The Broader Lesson Scott Kirby Is Teaching Without Trying To
Every founder knows the feeling.
You built something from nothing. You made every call, survived every close call, and developed genuine instincts about what works. Then the company grows, the job changes, the calls keep coming, and you keep making them because that is what you have always done.
Turns out, that is also exactly how scaling problems start.

Scott Kirby’s model puts a name to the trap. When a CEO makes decisions that others could make, two things happen simultaneously. The CEO’s attention moves away from the five decisions that actually need them. And the team stops developing the muscle to own outcomes, because they have learned to wait for direction from the top.
Both of those are expensive problems. Neither shows up cleanly on a balance sheet.
For founders running younger, smaller organizations, the number five is not the point. The discipline is. Every decision you make that someone on your team could make is a decision that did not build that person’s judgment, ownership, or confidence.
Over time, that compounds. In the wrong direction.

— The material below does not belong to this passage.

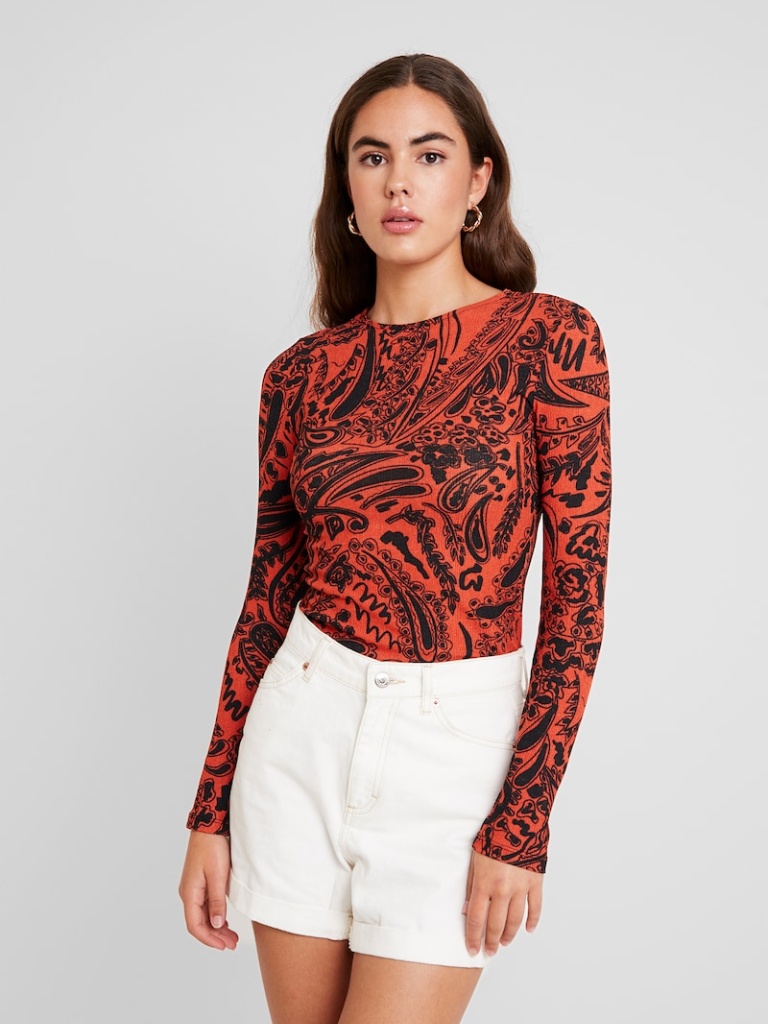
knit tight a long-sleeved with the sleeves down hip length Fully Tucked in crew t-shirt

Scott Kirby took the controls of United at its lowest point and chose to build an organization that did not depend on him for every answer. Five years later, the airline is flying more people than it ever has, making more money than it ever has, and satisfying those customers at a rate it has never managed before.

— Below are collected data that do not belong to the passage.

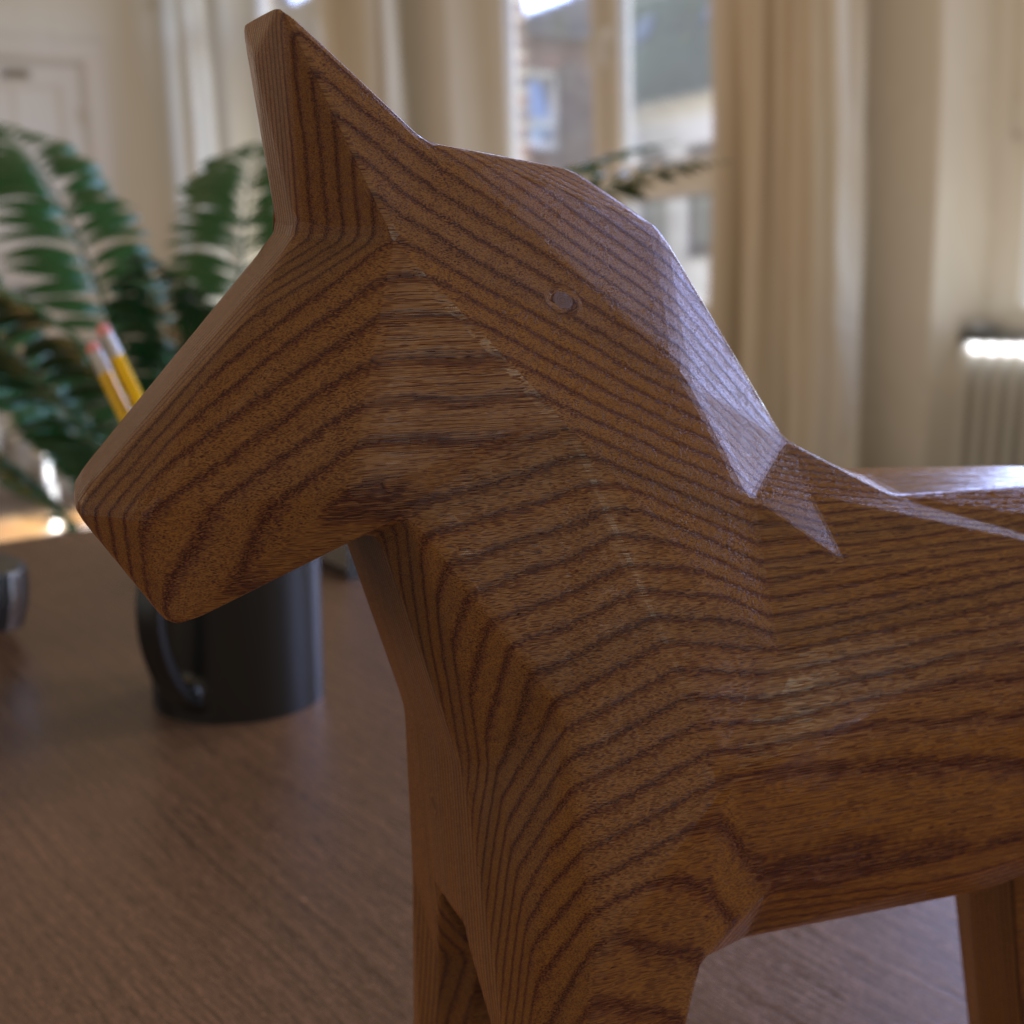
A high quality rendering of a dalahest_oak dalecarlian horse figurine made of varnished dark oak standing on a wooden table in an an apartment with natural bright daylight from windows,medium shot from the front right side , 50 mm, f 22
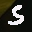
Label: 5
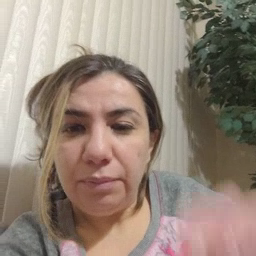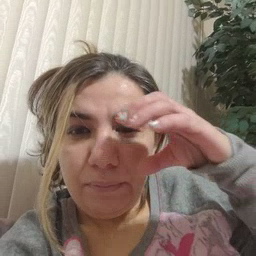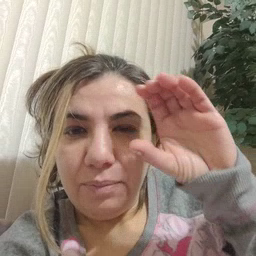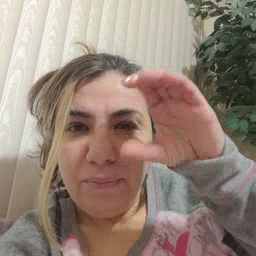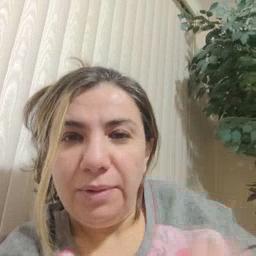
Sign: owl
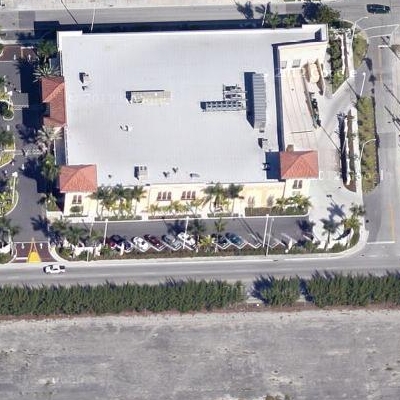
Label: Industry
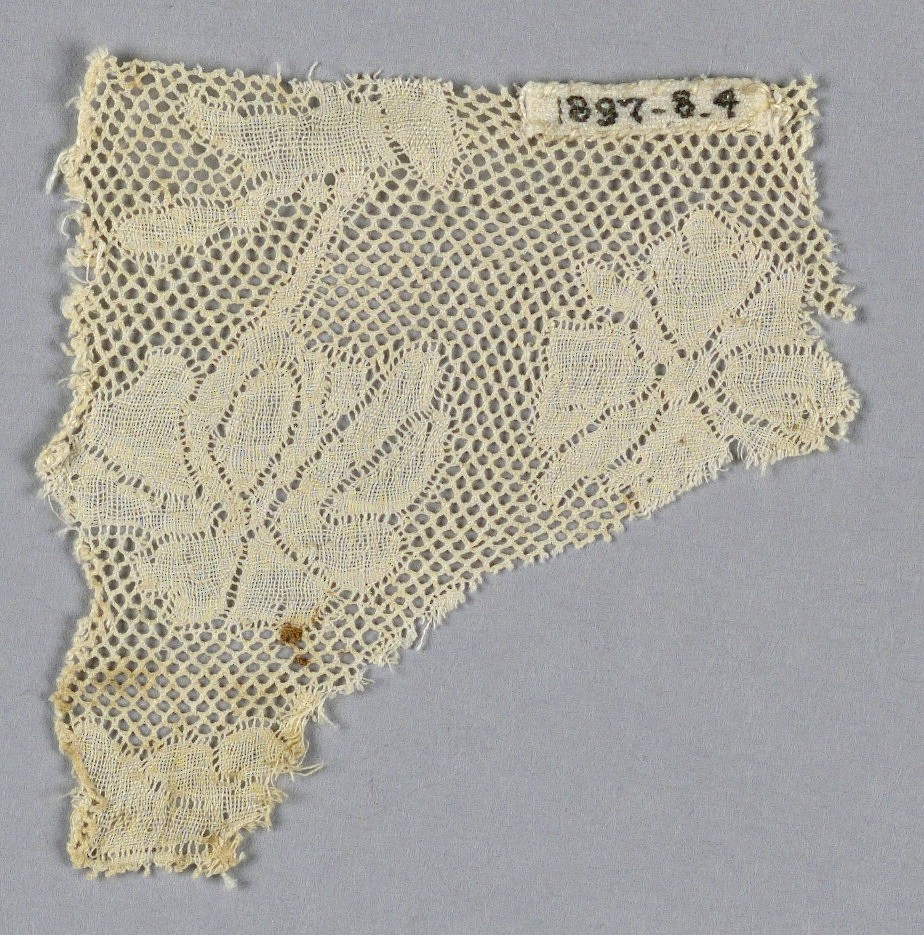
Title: Fragment
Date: late 18th century
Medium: linen Technique: bobbin lace (Valenciennes ground)
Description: Fragment of Valenciennes lace has a floral design with round mesh.

The man at the top made roughly five calls to get there.
That is the point.
Frequently Asked Questions
What is Scott Kirby’s decision-making philosophy at United Airlines?
Scott Kirby believes a CEO should only personally make decisions that no one else in the organization is positioned to make. He limits himself to roughly five major decisions per year, delegating everything else to the people closest to the actual work.

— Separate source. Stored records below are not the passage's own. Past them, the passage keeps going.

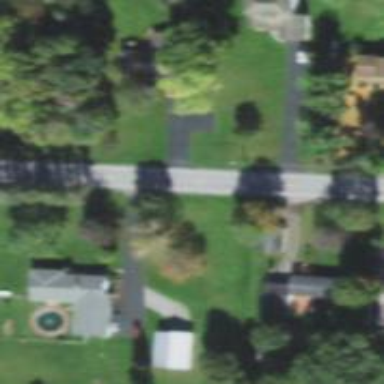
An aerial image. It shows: Driveway.
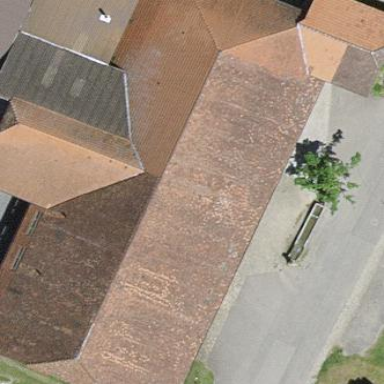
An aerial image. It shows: Farm building with half-hipped roof shape.
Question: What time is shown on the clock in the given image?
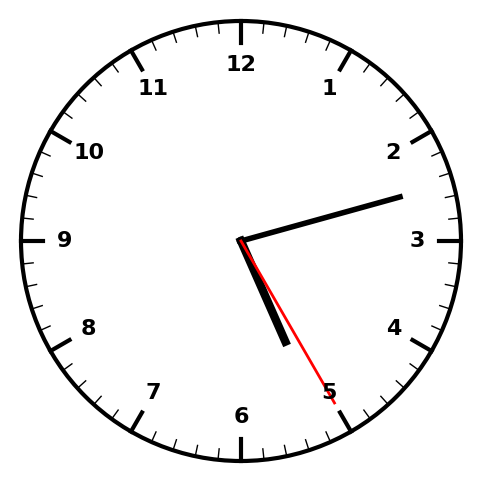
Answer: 05:12:25
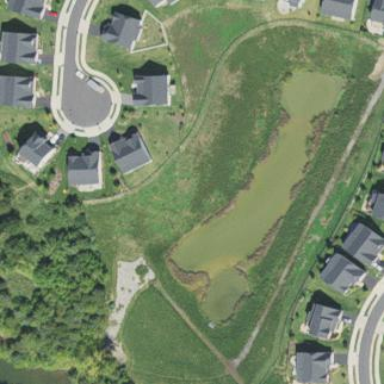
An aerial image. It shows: Stormwater basin with natural water.
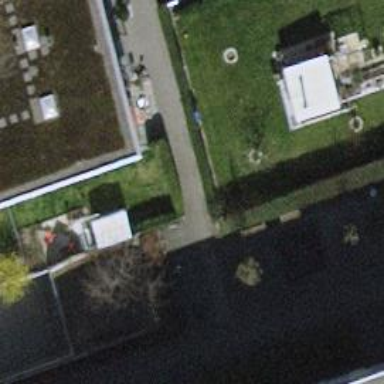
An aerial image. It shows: Hedge barrier.
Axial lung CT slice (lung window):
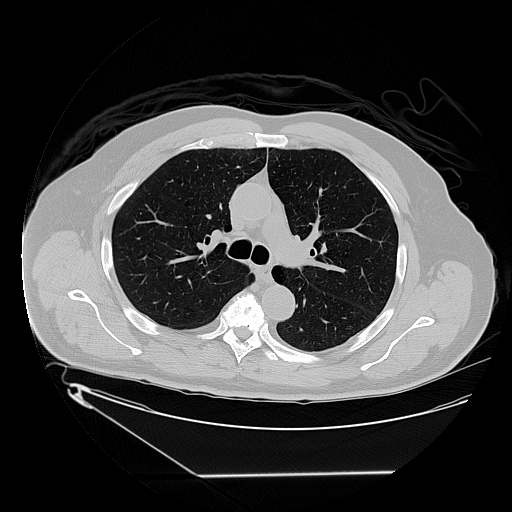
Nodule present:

How does Scott Kirby involve his team when he does make major decisions?
He gathers 15 to 20 people and asks the most junior employees to speak first, before senior leaders weigh in. The goal is to surface honest, ground-level insight before the room’s direction gets established by rank.
What financial results has United Airlines produced under Scott Kirby?
According to United’s January 2026 earnings release, the airline posted $59.1 billion in revenue for 2025, its highest ever, along with $4.3 billion in pre-tax earnings and a record 181 million passengers carried.
Is the five decisions model realistic for smaller or earlier-stage companies?
The number is not the lesson. The discipline is. For founders, the relevant question is whether you are making decisions that your team could own. Every time you step in unnecessarily, you slow the team’s development and create a dependency that limits the company later.
Why did Scott Kirby develop this approach during the pandemic specifically?
He has said the crisis created rare permission to change things that would otherwise have been defended out of habit. The scale of the emergency made people open to doing things differently, and the approach he built in 2020 became permanent.
Summary
Scott Kirby stepped into the worst moment in United Airlines’ history and chose not to make it about himself. He built systems, trusted people, and reserved his judgment for the five moments per year when only his judgment would do. The airline that came out the other side posted $59.1 billion in record revenue, flew more passengers than ever, and ended 2025 with its happiest customers on record. There is a lesson in there for every founder who still thinks the job is to have all the answers.